5.- Le 13 février 1997, le Procureur de Latina a adressé au juge
d'instruction genevois une nouvelle demande d'entraide; il indique
que X. a été renvoyé en jugement pour recel, l'audience ayant été
fixée au 23 juin 1997. La remise des objets saisis serait
indispensable afin de prouver leur provenance et leur authenticité.
Cette requête a un objet différent des demandes d'entraide soumises
au présent examen: elle ne tend pas, comme ces dernières, à la
restitution du produit de l'infraction, mais à la remise des objets
litigieux comme moyens de preuve dans le procès pénal italien, au
sens de l'art. 74 al. 1 EIMP. Il appartiendra en premier lieu au juge
d'instruction de statuer sur cette nouvelle requête, en recherchant
notamment si une telle remise est envisageable, ou s'il est
préférable de la reporter, compte tenu de l'avancement de la
procédure pénale pendante en Suisse (art. 74 al. 3 EIMP).
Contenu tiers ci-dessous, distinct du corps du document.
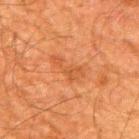Recorded during total-body skin imaging; not selected for excision or biopsy.
About 4.5 mm across.
A male subject about 60 years old.
The lesion is on the right upper arm.
A lesion tile, about 15 mm wide, cut from a 3D total-body photograph.
The tile uses cross-polarized illumination.
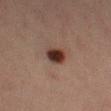patient: female, approximately 40 years of age | imaging modality: 15 mm crop, total-body photography | body site: the left thigh.
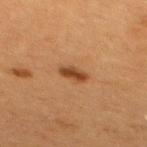{"biopsy_status": "not biopsied; imaged during a skin examination", "automated_metrics": {"border_irregularity_0_10": 2.5, "color_variation_0_10": 1.5, "peripheral_color_asymmetry": 0.5, "nevus_likeness_0_100": 95, "lesion_detection_confidence_0_100": 100}, "site": "upper back", "lesion_size": {"long_diameter_mm_approx": 3.0}, "image": {"source": "total-body photography crop", "field_of_view_mm": 15}, "patient": {"sex": "female", "age_approx": 40}}
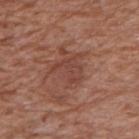Part of a total-body skin-imaging series; this lesion was reviewed on a skin check and was not flagged for biopsy. The lesion's longest dimension is about 3.5 mm. A close-up tile cropped from a whole-body skin photograph, about 15 mm across. Located on the right upper arm. The patient is a male approximately 70 years of age. The tile uses white-light illumination. Automated image analysis of the tile measured a mean CIELAB color near L≈43 a*≈23 b*≈26, about 6 CIELAB-L* units darker than the surrounding skin, and a lesion-to-skin contrast of about 5 (normalized; higher = more distinct). It also reported a color-variation rating of about 1.5/10. The software also gave a classifier nevus-likeness of about 0/100 and a detector confidence of about 95 out of 100 that the crop contains a lesion.
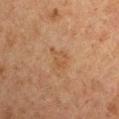Notes:
- follow-up: no biopsy performed (imaged during a skin exam)
- acquisition: ~15 mm crop, total-body skin-cancer survey
- location: the arm
- lighting: cross-polarized
- subject: male, roughly 50 years of age
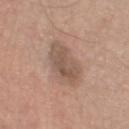Assessment:
Recorded during total-body skin imaging; not selected for excision or biopsy.
Background:
A 15 mm close-up extracted from a 3D total-body photography capture. The lesion is located on the left thigh. The total-body-photography lesion software estimated a detector confidence of about 100 out of 100 that the crop contains a lesion. Captured under white-light illumination. A male subject, aged 73–77. The lesion's longest dimension is about 5 mm.
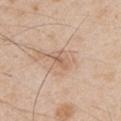Acquisition and patient details: The lesion-visualizer software estimated a mean CIELAB color near L≈62 a*≈18 b*≈30, roughly 8 lightness units darker than nearby skin, and a normalized lesion–skin contrast near 5. Imaged with white-light lighting. Located on the right upper arm. A male patient, aged 48–52. Cropped from a whole-body photographic skin survey; the tile spans about 15 mm.
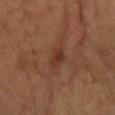acquisition — ~15 mm tile from a whole-body skin photo | location — the right forearm | lighting — cross-polarized illumination | patient — female, aged 58–62 | lesion diameter — ~2.5 mm (longest diameter).
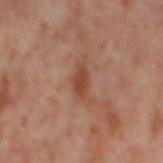No biopsy was performed on this lesion — it was imaged during a full skin examination and was not determined to be concerning. A female patient aged 53 to 57. A region of skin cropped from a whole-body photographic capture, roughly 15 mm wide. The lesion is on the left thigh.
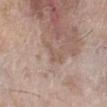  biopsy_status: not biopsied; imaged during a skin examination
  site: left lower leg
  automated_metrics:
    area_mm2_approx: 3.0
    eccentricity: 0.85
    shape_asymmetry: 0.6
    border_irregularity_0_10: 6.5
    color_variation_0_10: 0.5
    peripheral_color_asymmetry: 0.0
  lighting: white-light
  patient:
    sex: female
    age_approx: 75
  image:
    source: total-body photography crop
    field_of_view_mm: 15
  lesion_size:
    long_diameter_mm_approx: 3.0
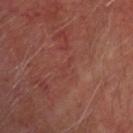Q: Was this lesion biopsied?
A: total-body-photography surveillance lesion; no biopsy
Q: Who is the patient?
A: male, aged approximately 60
Q: Where on the body is the lesion?
A: the head or neck
Q: What is the lesion's diameter?
A: ~2.5 mm (longest diameter)
Q: What is the imaging modality?
A: total-body-photography crop, ~15 mm field of view
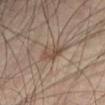- follow-up · imaged on a skin check; not biopsied
- illumination · cross-polarized illumination
- subject · male, in their 60s
- automated metrics · border irregularity of about 3.5 on a 0–10 scale and a within-lesion color-variation index near 4.5/10; a classifier nevus-likeness of about 5/100 and lesion-presence confidence of about 100/100
- anatomic site · the abdomen
- imaging modality · total-body-photography crop, ~15 mm field of view
- lesion size · about 3.5 mm
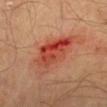patient — male, about 40 years old
anatomic site — the left lower leg
tile lighting — cross-polarized
lesion diameter — ~7 mm (longest diameter)
image — 15 mm crop, total-body photography
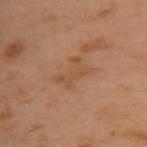{
  "biopsy_status": "not biopsied; imaged during a skin examination",
  "site": "upper back",
  "image": {
    "source": "total-body photography crop",
    "field_of_view_mm": 15
  },
  "automated_metrics": {
    "cielab_L": 41,
    "cielab_a": 18,
    "cielab_b": 29,
    "vs_skin_darker_L": 5.0,
    "vs_skin_contrast_norm": 5.0
  },
  "patient": {
    "sex": "female",
    "age_approx": 55
  }
}
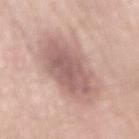The lesion was tiled from a total-body skin photograph and was not biopsied.
The lesion is located on the back.
The lesion's longest dimension is about 9.5 mm.
A lesion tile, about 15 mm wide, cut from a 3D total-body photograph.
A male patient approximately 70 years of age.
This is a white-light tile.
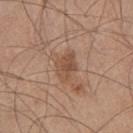{"biopsy_status": "not biopsied; imaged during a skin examination", "patient": {"sex": "male", "age_approx": 45}, "image": {"source": "total-body photography crop", "field_of_view_mm": 15}, "site": "leg", "lighting": "white-light", "lesion_size": {"long_diameter_mm_approx": 3.5}}
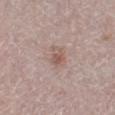Impression:
This lesion was catalogued during total-body skin photography and was not selected for biopsy.
Background:
This image is a 15 mm lesion crop taken from a total-body photograph. A female subject aged around 55. Located on the right lower leg. Longest diameter approximately 2.5 mm.
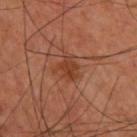Q: Was this lesion biopsied?
A: imaged on a skin check; not biopsied
Q: How was this image acquired?
A: total-body-photography crop, ~15 mm field of view
Q: What are the patient's age and sex?
A: male, aged 58–62
Q: What is the anatomic site?
A: the upper back
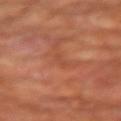Impression: Captured during whole-body skin photography for melanoma surveillance; the lesion was not biopsied. Clinical summary: A male subject about 65 years old. Located on the right upper arm. A region of skin cropped from a whole-body photographic capture, roughly 15 mm wide.
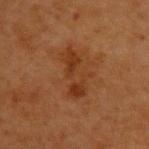{"biopsy_status": "not biopsied; imaged during a skin examination", "lesion_size": {"long_diameter_mm_approx": 5.5}, "lighting": "cross-polarized", "automated_metrics": {"area_mm2_approx": 10.0, "eccentricity": 0.9, "shape_asymmetry": 0.35, "cielab_L": 31, "cielab_a": 22, "cielab_b": 31, "vs_skin_darker_L": 7.0, "vs_skin_contrast_norm": 7.0, "border_irregularity_0_10": 6.0, "color_variation_0_10": 4.0, "lesion_detection_confidence_0_100": 100}, "patient": {"sex": "female", "age_approx": 40}, "site": "upper back", "image": {"source": "total-body photography crop", "field_of_view_mm": 15}}

En présence
d'objets archéologiques d'une telle importance, tant sur le plan
quantitatif que culturel, le juge d'instruction devra procéder à une
pesée soigneuse des éléments en présence. Dans le respect de
l'obligation générale de célérité (art. 17a [nouveau] EIMP), il devra
tenir compte des nécessités respectives de son enquête (art. 74 al. 3
EIMP et 6 par. 1 in fine CEEJ) et de celle menée en Italie, en
considérant notamment - sur le vu des risques liés au transport des
pièces - la possibilité d'autoriser les enquêteurs étrangers à se
rendre à Genève pour y procéder à leur examen.
En tout état, la restitution - totale ou partielle - des objets aux
ayants droit, ne pourra avoir lieu qu'une fois intervenue une
décision définitive et exécutoire des tribunaux italiens, portant sur
des objets déterminés et identifiés (art. 74a al. 1 et 3 [nouveau]
EIMP, art. 27 al. 3 let. a, i de la Convention 141). La sauvegarde
des intérêts contradictoires en présence requiert donc en l'espèce
une collaboration particulièrement étroite des autorités d'entraide,
dans le triple but de faciliter le déroulement des procédures pénales
en cours, de permettre le moment venu la restitution des objets
archéologiques à leurs ayants droit, et de contribuer ainsi à la
réalisation du but de la Convention européenne de 1992 pour la
protection du patrimoine archéologique, précitée (art. 1er al. 1;
art. 2 let. iii; art. 10 let. i, ii, et v).


Synthèse
Numéro d'arrêt : 1A.1/1997
Date de la décision : 05/06/1997
1re cour de droit public

Analyses

Entraide judiciaire internationale; art. 74a EIMP; remise du produit de l'infraction. Recevabilité du recours de droit administratif contre une décision suspendant provisoirement l'examen d'une demande d'entraide, dans l'attente de l'issue d'une procédure pénale nationale (consid. 2b). Conditions d'une remise du produit de l'infraction (consid. 4a). En l'espèce, les renseignements fournis par l'autorité requérante ne permettent pas d'établir avec certitude la provenance délictueuse des objets saisis, et leur légitime propriétaire; la remise ne pourrait donc avoir lieu que sur la base d'un jugement de confiscation rendu dans l'Etat requérant (consid. 4b/aa). Les besoins de la procédure nationale s'opposent également, en l'état, à une telle remise (consid. 4b/bb). Le séquestre ordonné dans le cadre de la procédure pénale suffit au maintien de la situation existante (consid. 4b/dd). L'autorité d'exécution devra tenir compte de l'obligation de célérité (consid. 4c), et statuer sur une nouvelle demande tendant à la remise des objets saisis comme moyens de preuve (consid. 5).


Origine de la décision
Date de l'import : 14/10/2011
Identifiant URN:LEX : urn:lex;ch;tribunal.federal.suisse;arret;1997-06-05;1a.1.1997 ?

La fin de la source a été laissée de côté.